Recently, Lombardi et al. have intensively studied all the charge transfer routes from molecular levels to semiconductors and vice versa.¹¹ They proposed a simple proof-of-concept method to find the optimal conditions to produce the best CM results depending on the excitation laser wavelength, sizes and material types of semiconductors, and choice of target molecules. Although their study offers a strategic platform to attack the entangled problem, it is unclear which component would dominate the others and how much enhancement can be expected under different sample conditions. Many subsequent efforts have been devoted to differentiating and examining each plasmonic, nonresonant surface coupling and resonant charge transfer (CT) contribution.^12–14 It is generally accepted that each CM component must be very sensitive to the molecular configuration including orientations and distances over substrate surfaces and charge distributions across the interfaces, which are strongly dependent on the actual distance between adsorbates and substrate surfaces.^6,7,15–22 Thus, it is rational to assume that there must exist some relevant length scales or cutoff distances beyond which some enhancing components may become negligible.

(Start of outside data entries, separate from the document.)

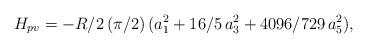
LaTeX: \begin{align*}H_{pv}=-R/2\,(\pi/2) \,(a_1^2 +16/5\,a_3^2+4096/729\,a_5^2),\end{align*}
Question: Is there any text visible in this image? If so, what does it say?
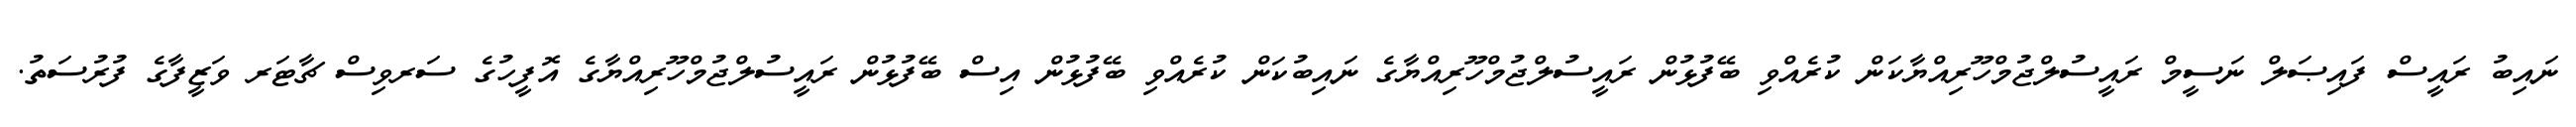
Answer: ނައިބު ރައީސް ފައިޞަލް ނަސީމް ރައީސުލްޖުމްހޫރިއްޔާކަން ކުރެއްވި ބޭފުޅުން ރައީސުލްޖުމްހޫރިއްޔާގެ ނައިބުކަން ކުރެއްވި ބޭފުޅުން އިސް ބޭފުޅުން ރައީސުލްޖުމްހޫރިއްޔާގެ އޮފީހުގެ ސަރވިސް ޗާޓަރ ވަޒީފާގެ ފުރުސަތު.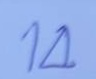
14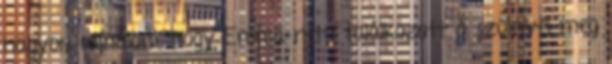
nagyon sajnálom, hogy Emma nem találkozott a szüleivel meg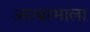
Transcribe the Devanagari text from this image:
आखरमाला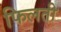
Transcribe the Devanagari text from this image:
फिलती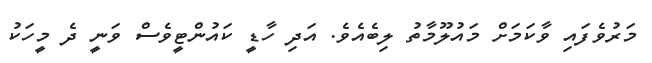
މަރުވެފައި ވާކަމަށް މައުލޫމާތު ލިބެއެވެ. އަދި ހާޑީ ކައުންޓީވެސް ވަނީ ދެ މީހަކު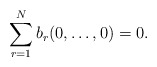
\begin{align*}\sum_{r=1}^{N} b_{r}(0,\ldots,0)=0.\end{align*}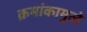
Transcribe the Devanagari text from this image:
क्रमांकामुळे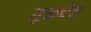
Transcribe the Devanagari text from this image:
गुरूचेंच

In this Communication, for the first time, we report direct experimental evidence that shows which CM component is most important at both energy and length scales. This work is primarily based on the conjecture that the surface plasmon effect, the resonant CT effect, and the intermolecular coupling effect have different physical ranges of effectiveness, roughly ∼10, 1, and 0.1 nm, respectively.

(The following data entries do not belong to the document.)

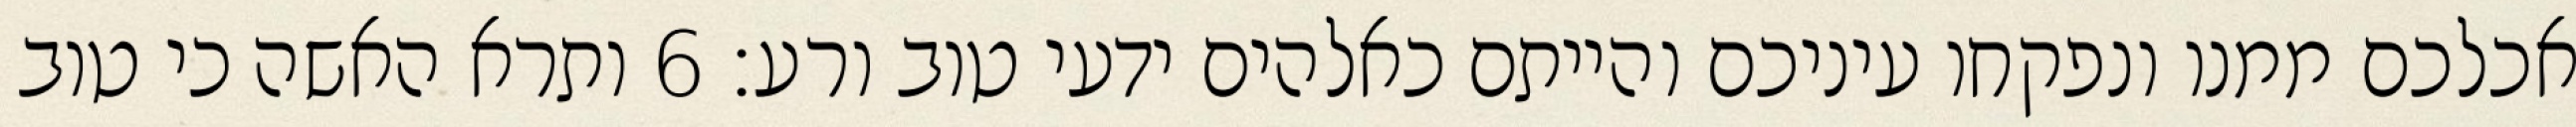
אכלכם ממנו ונפקחו עיניכם והייתם כאלהים ידעי טוב ורע׃ ‎6‏ ותרא האשה כי טוב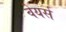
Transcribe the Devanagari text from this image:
वेयर्स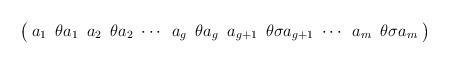
LaTeX: \begin{align*}\arraycolsep=3pt\left(\begin{array}{cccccccccccc} a_1 & \theta a_1 & a_2 & \theta a_2 & \cdots & a_{g} & \theta a_{g} & a_{g+1} & \theta\sigma a_{g+1} & \cdots & a_m & \theta\sigma a_m\end{array}\right)\end{align*}

Fig. 1 shows the ZnO–graphene hybrid substrates for SERS and representative Raman signals from 4-MPY molecules deposited on ZnO rods. The ZnO microrods and nanotubes are grown on large-area graphene layers through the catalyst-free metal–organic vapor phase epitaxy (MOVPE) process. An oxide mask layer is used to determine the positions and orientations of individual tube/rod growth, and the diameters and heights of tubes/rods are arbitrarily controlled. The details of the synthesis methods and conditions are available in the ESI.†

Fig. 1 Representative SEM images of ZnO micro/nanostructures grown on CVD-graphene. (a) An ordered array of microrods (rod diameter ∼3 μm). (b) An array of nanotubes (tube diameter ∼400 nm). (c) A square mat with an inner nanowall structure. (d) A magnified view of the nanowall structure. (e) SERS spectra from microrods with different diameters and inner nanowall structures of the mat. Each SERS intensity was multiplied by some factors to show the same magnitude of the 4-MPY Raman peak at 1020 cm⁻¹ marked by a yellow column. (f) Schematic view of energy band alignment between ZnO and 4-MPY (molecular structure is shown) and possible CT transitions (denoted by arrow 1 and arrow 2) depending on the laser excitation.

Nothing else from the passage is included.